Conflict Resolution#
When Git cannot auto-merge, it marks conflict zones in the file:
<<<<<<< HEAD
resource "aws_s3_bucket" "logs" {
bucket = "prod-logs-bucket"
=======
resource "aws_s3_bucket" "logs" {
bucket = "prod-audit-logs-bucket"
>>>>>>> feature/rename-bucket
Steps to resolve:
- Open the conflicted file and decide which version is correct (or combine both)
- Remove all conflict markers (
<<<<<<<,=======,>>>>>>>) git add path/to/resolved-file.tfgit commit(orgit rebase --continueif you were rebasing)
Use git mergetool to open a visual diff tool if your editor supports it.
Tags#
# Create a lightweight tag (just a pointer to a commit)
git tag v1.0.0
# Create an annotated tag (stores tagger name, date, message)
git tag -a v1.0.0 -m "First stable release"
# Push tags to remote (git push does not push tags by default)
git push origin v1.0.0
git push origin --tags # push all tags at once
# Delete a local tag
git tag -d v1.0.0
# Delete a remote tag
git push origin --delete v1.0.0
# List all tags
git tag -l
Use annotated tags for releases.
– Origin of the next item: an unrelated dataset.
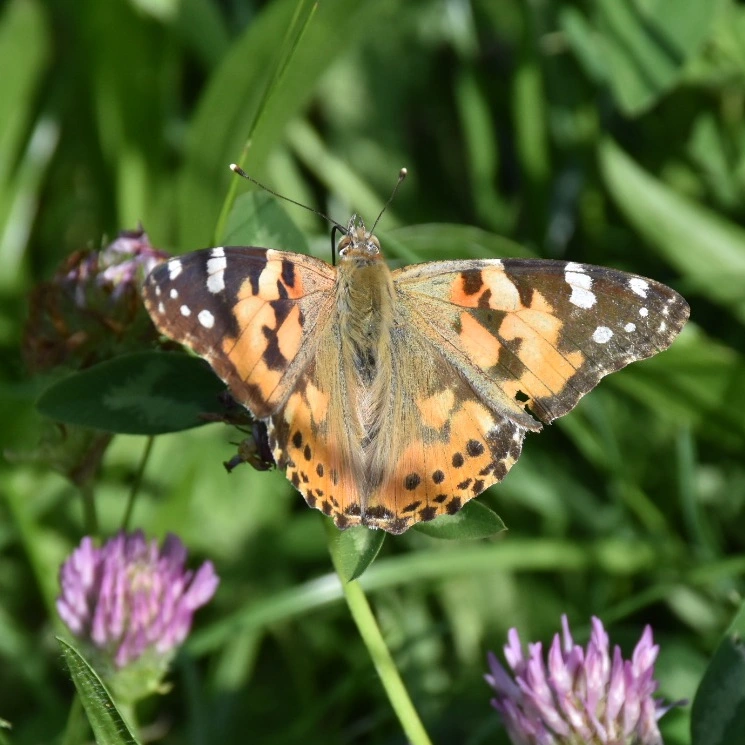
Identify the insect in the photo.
Vanessa cardui

They carry metadata and can be signed. Lightweight tags are fine for local bookmarks.
.gitignore Patterns for Cloud Projects#
# Terraform
*.tfstate
*.tfstate.backup
.terraform/
.terraform.lock.hcl
*.tfplan
# Credentials and secrets
.env
.env.local
*.pem
*.key
*credentials*
secrets.yaml
# Cloud provider credential files
.aws/credentials
gcloud/
# Node / Python
node_modules/
__pycache__/
*.pyc
.venv/
dist/
build/
# Editor files
.DS_Store
.idea/
*.swp
Never commit .tfstate — it can contain secrets and causes conflicts when multiple people share it. Use remote state instead.
Git Configuration#
# Identity (required for commits)
git config --global user.name "Your Name"
git config --global user.email "you@example.com"
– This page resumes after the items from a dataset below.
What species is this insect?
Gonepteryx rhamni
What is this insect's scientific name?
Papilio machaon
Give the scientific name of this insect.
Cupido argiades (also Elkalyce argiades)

# Set the default branch name for new repos
git config --global init.defaultBranch main
# Store credentials (use a credential manager in production)
git config --global credential.helper store
# Set your preferred editor for commit messages
git config --global core.editor "vim"
# Show the config
git config --list
Typical CI/CD Pipeline Triggered by Git Push#
- Developer pushes to a feature branch on GitHub/GitLab
- CI system (GitHub Actions, GitLab CI, Cloud Build) detects the push
- Pipeline runs: lint → unit tests → build → integration tests
- On pull request merge to main: pipeline also runs Docker build + push to registry
- CD system (Argo CD, Flux, or a deploy step) applies the new image to the cluster
- On tag push (
v*): pipeline creates a release artifact or triggers a production deploy
The git event (push, PR open, tag create) is the trigger for every step. Getting comfortable with Git is getting comfortable with your entire deployment process.